BEACH results demonstrate ‘durability’ of stenting


Two-year data from the BEACH (Boston Scientific EPI-A Carotid Stenting Trial for High Risk Surgical Patients) carotid artery stenting (CAS) clinical trial

Indicates that stenting maybe a durable treatment with the incidence of stroke declining over time. The results were presented at the Cardiovascular Research Foundation’s (CRF) eighteenth annual Transcatheter Cardiovascular Therapeutics (TCT) scientific symposium in Washington, DC.

The BEACH study is evaluating the effectiveness of stenting with embolic protection for patients who are at high-risk for carotid endarterectomy (CEA).

The BEACH trial was designed to evaluate Boston Scientific’s Carotid Wallstent Monorail Endoprosthesis and the FilterWire EX Embolic Protection System and later the FilterWire EZ Embolic Protection System. It is a prospective, non-randomized, single-arm clinical trial that enrolled 480 patients in the pivotal phase of the trial. These patients were considered high-risk for surgery because they had either anatomical or co-morbidity factors making surgery too risky.

The BEACH study’s two-year results revealed that the ipsilateral stroke rate steadily declined from 3.1% from 0-30 days, to 2.3% from 31 days to one year, to 0.9% between one and two years. The BEACH study also demonstrated declining death rates from 7.5% through one year to 6.1% between one and two years. In addition, long-term efficacy was evaluated with ultrasound data indicating a continued reduction in mean maximum peak systolic velocity. The progressive reduction in velocity from 346 cm/sec before the stenting procedure to 130 cm/sec out to two years post-procedure suggests no progressive restenosis from six months to 2 years.
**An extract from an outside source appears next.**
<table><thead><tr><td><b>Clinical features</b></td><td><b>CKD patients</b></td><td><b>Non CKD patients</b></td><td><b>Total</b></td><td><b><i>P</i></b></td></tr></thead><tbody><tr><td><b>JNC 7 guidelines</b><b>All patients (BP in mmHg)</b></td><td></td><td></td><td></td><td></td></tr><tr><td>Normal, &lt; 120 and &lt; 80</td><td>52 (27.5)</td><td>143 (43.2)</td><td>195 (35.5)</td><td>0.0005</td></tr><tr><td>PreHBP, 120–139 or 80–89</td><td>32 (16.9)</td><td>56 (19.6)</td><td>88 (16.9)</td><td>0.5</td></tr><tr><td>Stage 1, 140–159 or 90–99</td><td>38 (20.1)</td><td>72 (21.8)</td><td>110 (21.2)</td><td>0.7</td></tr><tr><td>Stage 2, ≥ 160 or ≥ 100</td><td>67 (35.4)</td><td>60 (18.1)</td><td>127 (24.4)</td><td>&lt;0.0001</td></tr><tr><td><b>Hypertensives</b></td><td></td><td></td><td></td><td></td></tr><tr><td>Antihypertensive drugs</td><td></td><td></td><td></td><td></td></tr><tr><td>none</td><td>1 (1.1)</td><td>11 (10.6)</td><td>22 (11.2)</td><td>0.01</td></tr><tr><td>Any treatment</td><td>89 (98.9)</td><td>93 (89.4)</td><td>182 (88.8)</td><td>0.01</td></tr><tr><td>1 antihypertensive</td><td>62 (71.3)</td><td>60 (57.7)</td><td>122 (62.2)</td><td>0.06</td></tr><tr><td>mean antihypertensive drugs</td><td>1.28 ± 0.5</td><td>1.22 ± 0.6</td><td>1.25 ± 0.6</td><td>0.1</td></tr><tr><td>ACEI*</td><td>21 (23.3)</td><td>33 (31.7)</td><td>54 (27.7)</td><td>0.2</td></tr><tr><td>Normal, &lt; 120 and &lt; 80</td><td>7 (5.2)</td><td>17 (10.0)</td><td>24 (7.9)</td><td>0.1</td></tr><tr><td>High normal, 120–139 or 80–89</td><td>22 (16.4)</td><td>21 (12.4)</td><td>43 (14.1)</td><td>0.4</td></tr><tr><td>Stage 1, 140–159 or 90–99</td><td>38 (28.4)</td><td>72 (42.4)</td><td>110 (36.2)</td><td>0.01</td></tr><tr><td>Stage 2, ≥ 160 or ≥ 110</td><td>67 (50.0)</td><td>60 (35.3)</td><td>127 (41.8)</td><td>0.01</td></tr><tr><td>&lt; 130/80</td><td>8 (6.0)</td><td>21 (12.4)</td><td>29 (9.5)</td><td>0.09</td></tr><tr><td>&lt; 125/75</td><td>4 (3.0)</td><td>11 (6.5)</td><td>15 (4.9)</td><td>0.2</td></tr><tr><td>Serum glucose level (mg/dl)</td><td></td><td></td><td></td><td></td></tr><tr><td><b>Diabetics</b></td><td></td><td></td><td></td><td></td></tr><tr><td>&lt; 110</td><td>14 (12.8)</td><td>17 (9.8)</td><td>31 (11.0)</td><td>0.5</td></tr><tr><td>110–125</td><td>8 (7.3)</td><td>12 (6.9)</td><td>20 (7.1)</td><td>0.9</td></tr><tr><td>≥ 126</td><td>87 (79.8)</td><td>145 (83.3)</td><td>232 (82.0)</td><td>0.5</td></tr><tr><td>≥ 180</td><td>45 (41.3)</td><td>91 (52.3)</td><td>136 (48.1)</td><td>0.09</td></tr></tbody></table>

Dr Christopher White, Chairman of the Department of Cardiology and Director of the Ochsner Heart & Vascular Institute in New Orleans, LA, and co-principal investigator of the BEACH study, commented, “These results are encouraging because they suggest Boston Scientific’s carotid artery stenting system may not only minimize the risk of stroke after the procedure, but may be a durable treatment with the incidence of stroke declining over time.”

The Wallstent is a self-expanding stent with a braided, closed cell design. The FilterWire EZ Embolic Protection System is a low-profile filter designed to capture embolic debris released during a procedure. The stent is an investigational device in the US and is limited by US law to investigational use. The safety and effectiveness of the FilterWire EZ Embolic Protection System for use in carotid arteries has not been established in the US and is currently investigational.

Closed cell design

Meanwhile, the results from the new study presented by Dr Barry T Katzen, Medical Director, Baptist Cardiac & Vascular Institute, Miami, FL, at the annual meeting of the Cardiovascular and Interventional Radiological Society of Europe (CIRSE) recently held in Rome, Italy, suggest that patients treated with the Wallstent have a significantly lower incidence of hypotension, compared with patients treated with slotted-tube nitinol stents.

The single-center, retrospective study examined 172 patients with de novo carotid artery lesions, 31 of which received the Carotid Wallstent. The remaining patients received slotted-tube nitinol stents, which included Acculink (Abbott/Guidant), Precise (Cordis), Smart (Cordis), Xact (Abbott) and Vivexx (Bard).

The overall incidence of hypotension (procedural and 24-hour post-procedure) was 19.4% in Wallstent group, compared with 40.4% in slotted-tube nitinol stent recipients (p=0.014). The incidence of periprocedural hypotension (24-hour post-procedure) was 12.9% in Wallstent group, compared to 31% in slotted-tube nitinol stent recipients (p=0.045).

As carotid artery stenting becomes a mature technique, it is important to look at the subtle differences between technologies that could affect patient care,” said Katzen, the study’s principal investigator.